10. Southern blot analysis

5 µg of chromosomal DNA (H. polymorpha) or 0.5 µg of plasmid DNA were used overnight treated with 1 U / µg of the corresponding restriction endonuclease. The separation the DNA was carried out in 0.6-0.8% agarose gels. Due to long separation times (2-12 hours at 200 mA), relatively large (5-12 Kb) DNA fragments could also be distinguished become. After photographing the gel, the DNA transfer to Ny  lonmembran (Hybound M, Amersham) in a vacuum blot apparatus (LKB 2016 Vacu gene, Pharmacia). This was first done for 15 min. with depurination solution (0.25 M HCl) transferred. This additional step also enables the transfer very large fragments. With denaturing solution (1.5 M NaCl, 0.5 N NaOH) and new Tralization buffer (3 M NaAc, pH 5, 5), the gel was each 20 min. long layered. From was closed for 20 min. with 20 × SSC transfer buffer (3 M NaCl, 0.3 M NaCitrate, pH 7) overlaid. By irradiating the membrane with UV light for 2 minutes (254 nm) and subsequent incubation at 80 ° C. for 30 minutes, the DNA was transferred to the Fixed nylon membrane.

The preparation of the probe, the hybridization and the detection of the hybrid were carried out with the help of an enzymatic reaction according to the protocol of the dioxygenin Labeling kit from Boehringer (Mannheim). In some cases, the Southern Blots hybridized and developed with a second probe. For this, the first probe removed from the membrane by a series of washes (1 hour in dimethyl formamide at 60 ° C, then washing in solution 1 (0.2 M NaOH, 0.1% SDS) and solution 2 (0.3 M NaCl, 0.03 M citrate) for 10 min each).

11. X-Gal Overlay Assay - Detection of β-galactosidase

The p-galactosidase activity was detected according to Suckow and Hollenberg (1998). The strains to be tested were cultivated for 4-6 hours in selection medium at 37 ° C. A 4 ul drop of each culture was placed on a selection plate and incubated overnight at 37 ° C. The plate was washed with fresh overlay agar (0.5% agarose, 0.5 M Na ₂ HPO ₄ / NaH ₂ PO ₄ (pH 7); 0.2% SDS; 2% DMF (Dimethylforma mid) 2 mg / ml X- gal (o-nitrophenyl-β-D-galactopyranoside) was overlaid at 70 ° C. After a few minutes, the clones with lacZ expression showed a blue color.

12. Phytase detection

The H. polymorpha cells were harvested from 3 ml of ÜK and taken up in 200 μl of YNB medium and 1 ml of 5% glycerol. After 1-2 days of growth, the OD ₆₀₀ was first determined. The cells were then centrifuged off and 25 ul of the supernatant were used again. 25 μl of 5 M NaAc and 50 μl of 4-nitrophenyl phosphate were added to this aliquot. The batch was 30 min. incubated at 37 ° C. The enzymatic conversion of the substrate was stopped by adding 100 μl of 15% trichloroacetic acid. After adding 100 µl of 1 M NaOH, positive culture supernatant samples appeared colored intensely yellow. The yellowing was quantified by OD ₄₀₅ measurement in a photometer.

13. Immunological detection of insulin

The cells were cultured for 1-2 days in 2 ml of selection medium (2% glycerol) at 37 ° C fourth. 4 µl aliquots of these cultures were dropped onto a selection plate and this incubated overnight at 37 ° C. A nitrocellulose membrane (Amersham Int., England) was placed on the plate, then incubated again overnight 37 ° C. The membrane was carefully peeled off and all adhered to the membrane Cells were rinsed carefully with water.
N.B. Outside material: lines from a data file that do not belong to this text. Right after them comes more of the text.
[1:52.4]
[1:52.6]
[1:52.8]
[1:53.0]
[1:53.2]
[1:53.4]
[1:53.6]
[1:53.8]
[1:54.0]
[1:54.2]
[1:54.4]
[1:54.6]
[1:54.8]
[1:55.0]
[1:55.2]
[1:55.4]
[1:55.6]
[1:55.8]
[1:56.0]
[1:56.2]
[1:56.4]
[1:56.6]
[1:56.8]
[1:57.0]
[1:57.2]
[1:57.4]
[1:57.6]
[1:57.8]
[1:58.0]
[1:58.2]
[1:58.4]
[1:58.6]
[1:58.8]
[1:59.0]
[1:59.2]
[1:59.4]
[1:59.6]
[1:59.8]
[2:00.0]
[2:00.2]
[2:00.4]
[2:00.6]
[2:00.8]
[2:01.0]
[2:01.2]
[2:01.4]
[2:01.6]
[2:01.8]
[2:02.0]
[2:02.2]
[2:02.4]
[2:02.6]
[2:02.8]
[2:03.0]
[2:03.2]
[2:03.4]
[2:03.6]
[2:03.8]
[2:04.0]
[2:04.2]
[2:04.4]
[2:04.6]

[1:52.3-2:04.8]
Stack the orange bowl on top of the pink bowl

After drying the membrane the secreted gene product was immunolo on the filters with insulin antibodies be proven. The proof was carried out according to standard methods with the help of the NOVEX anti-mouse kit. Insulin-secreting clones were able to use this method be clearly demonstrated.
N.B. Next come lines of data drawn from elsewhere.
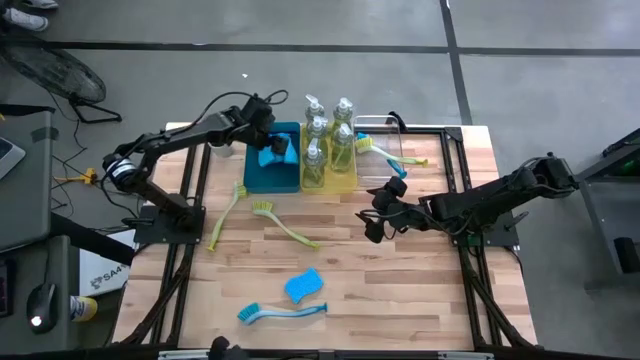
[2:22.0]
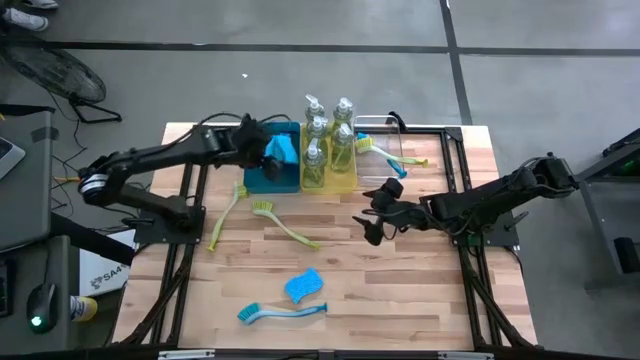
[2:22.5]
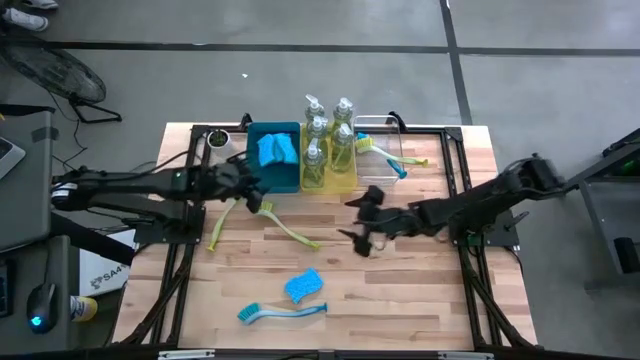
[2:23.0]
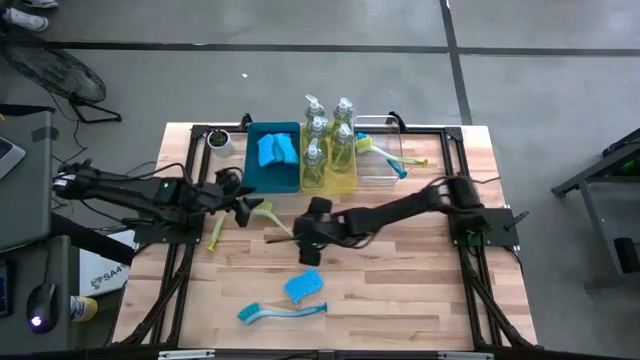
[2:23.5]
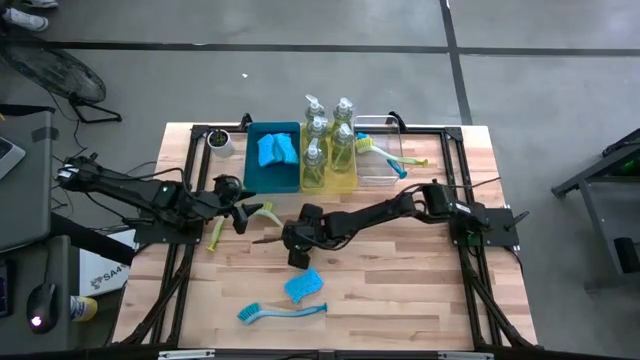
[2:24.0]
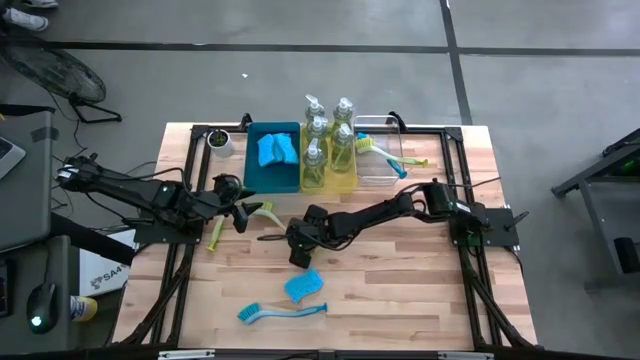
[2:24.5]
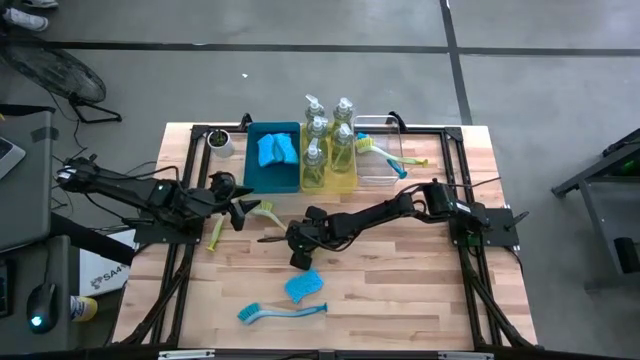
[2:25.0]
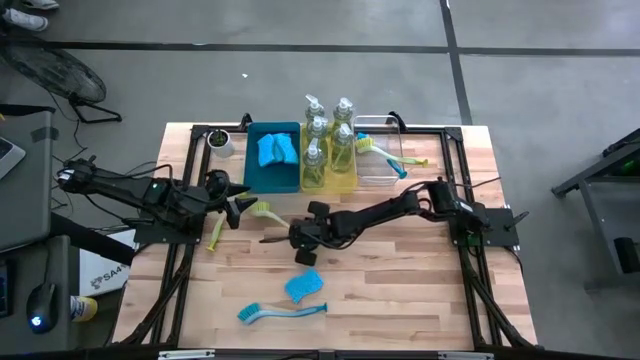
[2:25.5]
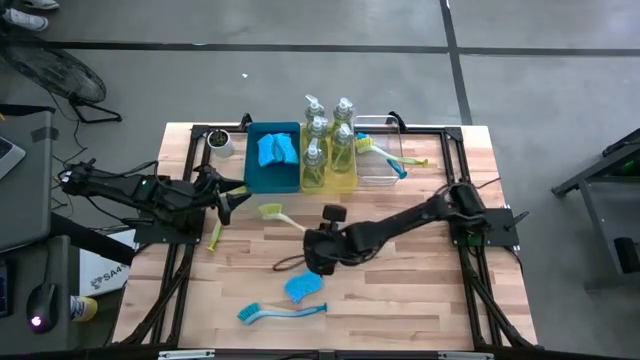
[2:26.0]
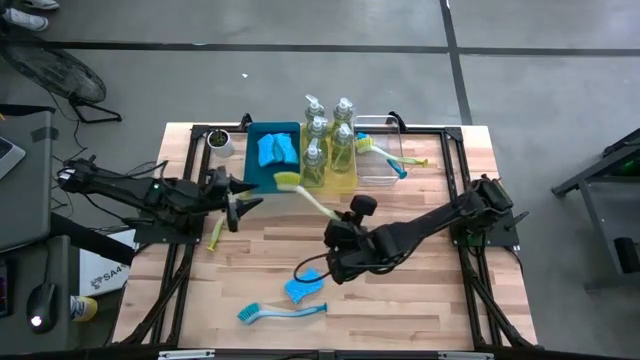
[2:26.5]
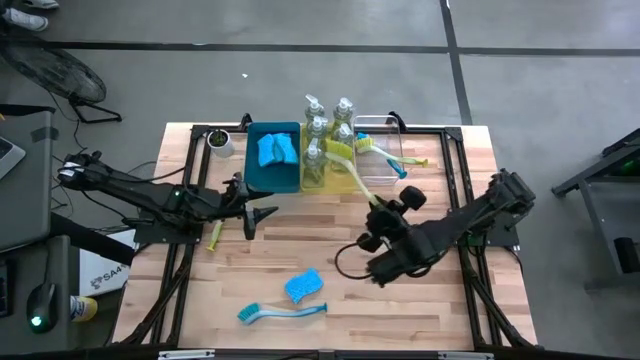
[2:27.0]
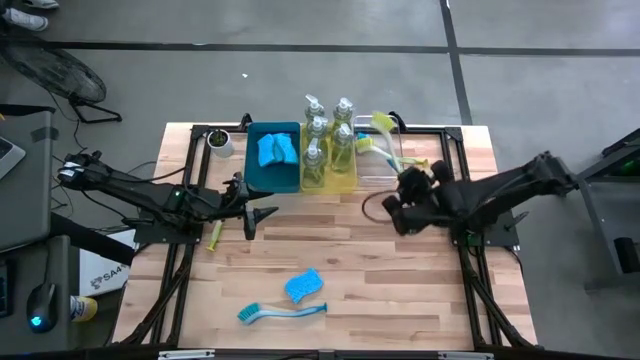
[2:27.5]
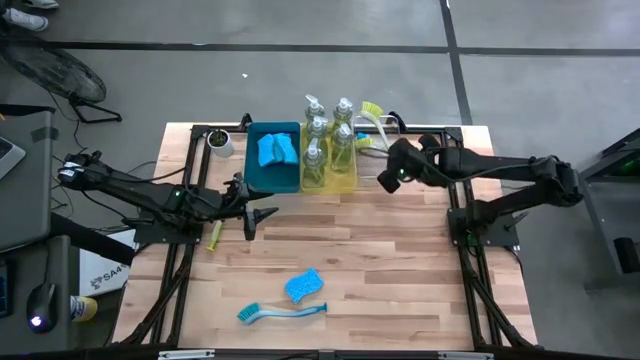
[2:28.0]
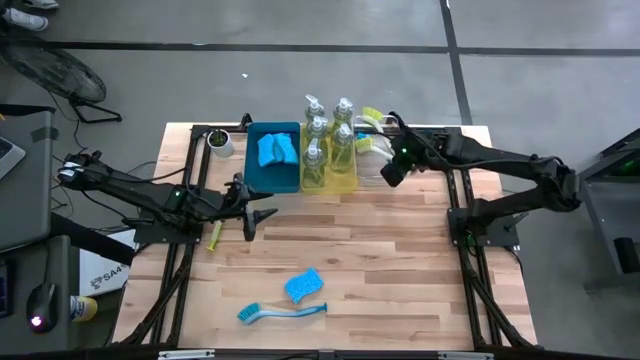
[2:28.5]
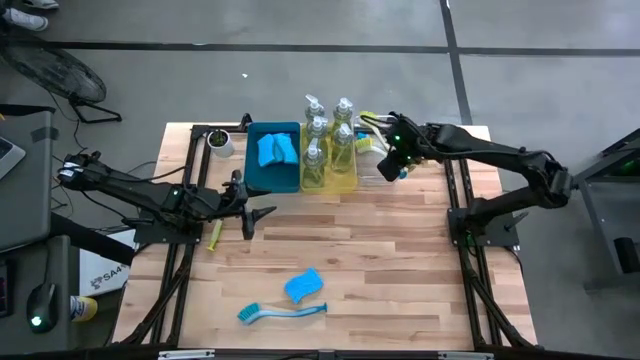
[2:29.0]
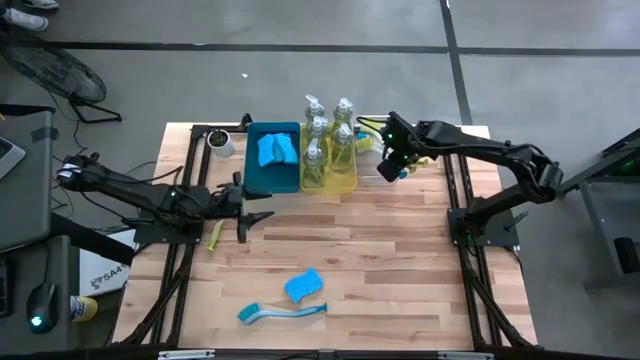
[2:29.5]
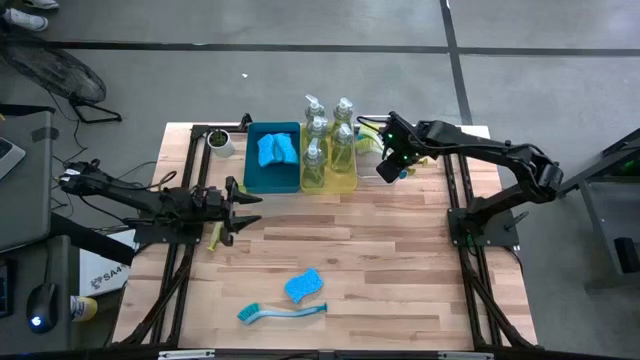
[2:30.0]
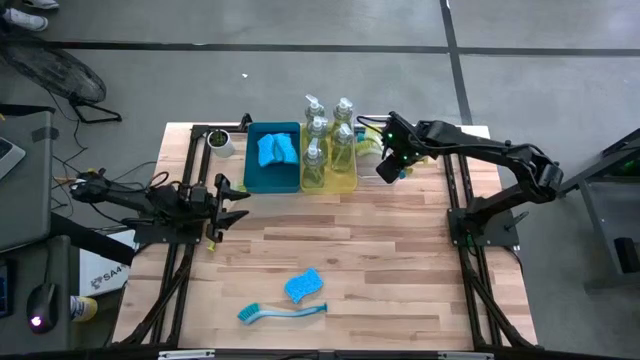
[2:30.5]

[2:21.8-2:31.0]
Task: Pick & Place Kitchen Sink Supplies
Put the green toilet brush into the transparent bin

14. Detection of GFP expression

For this study, an especially for the translation in the yeast S. cerevisiae opti mated mutant of wt-GFP, the yeast enhanced green fluorescent protein3 (yEGFP). In S. cerevisiae this protein shows a stronger fluorescence than wt-GFP (Cormack et al., 1997). The gene for yEGFP is located on the plasmid pM2GT control of the TPS1 promoter from H. polymorpha. It could be shown that yEGFP in H. polymorpha leads to fluorescence comparable to S. cerevisiae. In This study qualitatively analyzed GFP expression. For this, the Strains in duplicate for 12 hours at 37 ° C in YNB medium (2 ml cultures) moved and examined for a green glow under the fluorescence microscope.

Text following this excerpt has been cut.